As far as I know there's no way to tell who has listened to a radio signal. There's no electronic trace that would be left.

The main trick I see would be that you'd have to get close enough to pick up the signal. These devices deliberately have a short range -- so that they don't interfere with each other. I just checked some ads and saw advertised ranges generally around several hundred feet. You might get caught because someone saw your car sitting in front of their house or that sort of thing. If you're talking about a prince, he likely has a big piece of property, so getting close enough to the house to pick up a signal might be an issue. If you have to break into the grounds to get close enough to the transmitter, obviously that creates all sorts of dangers of getting caught.

Some baby monitors encrypt the signal, presumably exactly to prevent others from listening in like this. In that case, you've have to somehow discover the encryption key. I don't have any idea how sophisticated the encryption is, so I can't say how hard it is to crack. Someone like a prince, who presumably has valid fears of kidnapping or assassination or just paparazzi, might well get a baby monitor that encrypts the signal. I'd assume that to a prince the extra cost would be a trivial issue.

If the baby monitor is an internet device, it's a whole different story. I don't know what sort of security they have on internet baby monitors, whether they have passwords or whatever. But let's just talk about hacking internet devices in general. There are basically three ways (I can think of) to hack it.

Method one: Connect to his network. If it's a Wifi network, you can make the physical connection from outside the house as long as you're in range of the signal. If the prince has no security on his wifi, this would be trivial. Hopefully he's not that foolish. Assuming he has a password or some such to connect to his network, you'd have to crack that.

If you gain access that way, his router should keep some record of accesses. Some routers keep long logs, but any router will keep track of any device that connected to the network. So if they checked, they'd know that someone connected. They'd know what IP his router assigned to you, but that's useless information. They'd know the machine ID of the device you used to connect. If someone had a registry somewhere of what machine IDs were sold to who, maybe they could track you down. I don't know if anyone keeps this information.

If he doesn't have a wifi network but relies on wired connections, you'd have to physically connect to his lines. That presumably involves breaking into his house.

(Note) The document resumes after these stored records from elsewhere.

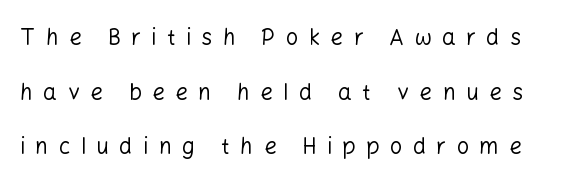
The image shows 22 px text type, upright; set loose line spacing (2.48x), unusually wide letter spacing (+0.47 em), not underlined.
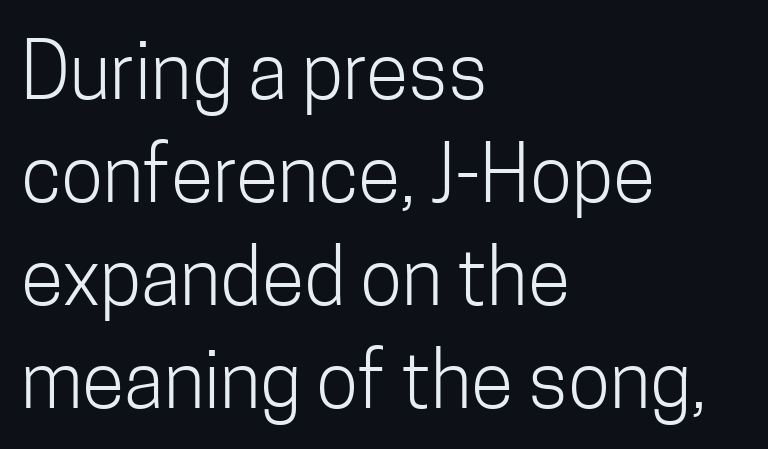
Q: Is the text bold? A: No.
Q: Is the text italic (slanted)? A: No, it is upright.
Q: Is the typeface a serif or a sans-serif typeface? A: Sans-serif.
Q: Is the text underlined? A: No.
Q: How is the paragraph aligned? A: Left-aligned.
Q: Is the spacing between letters normal or unusually wide? A: Normal.
Q: Is the spacing between lines tight, normal or loose? A: Normal.
Q: Width (condensed, normal, or wide)? A: Condensed.
Q: Stroke contrast? A: Low.
Q: x-height? A: Medium.
Q: Monospaced? A: No.

Method two: Connect over the Internet. This assumes that the baby monitor is accessible from outside the local network, but I guess if you're going to have an internet baby monitor, the idea is so that you can check on the baby while away from home.

In that case you again have to gain access to his network, presumably enter some passwords or something. In this case his ISP and your ISP will have logs of the connection. They can track down your IP and probably determine your physical address. I presume that clever criminals have come up with ways to beat this: run messages through long, hard-to-trace routes or some such. There are "anonymizer services" created to let people hide their internet identity. The service would know who you really are, and if they're subpoenaed I presume they'd have to turn over the information. But if they're not in the same country, maybe they'd just say no.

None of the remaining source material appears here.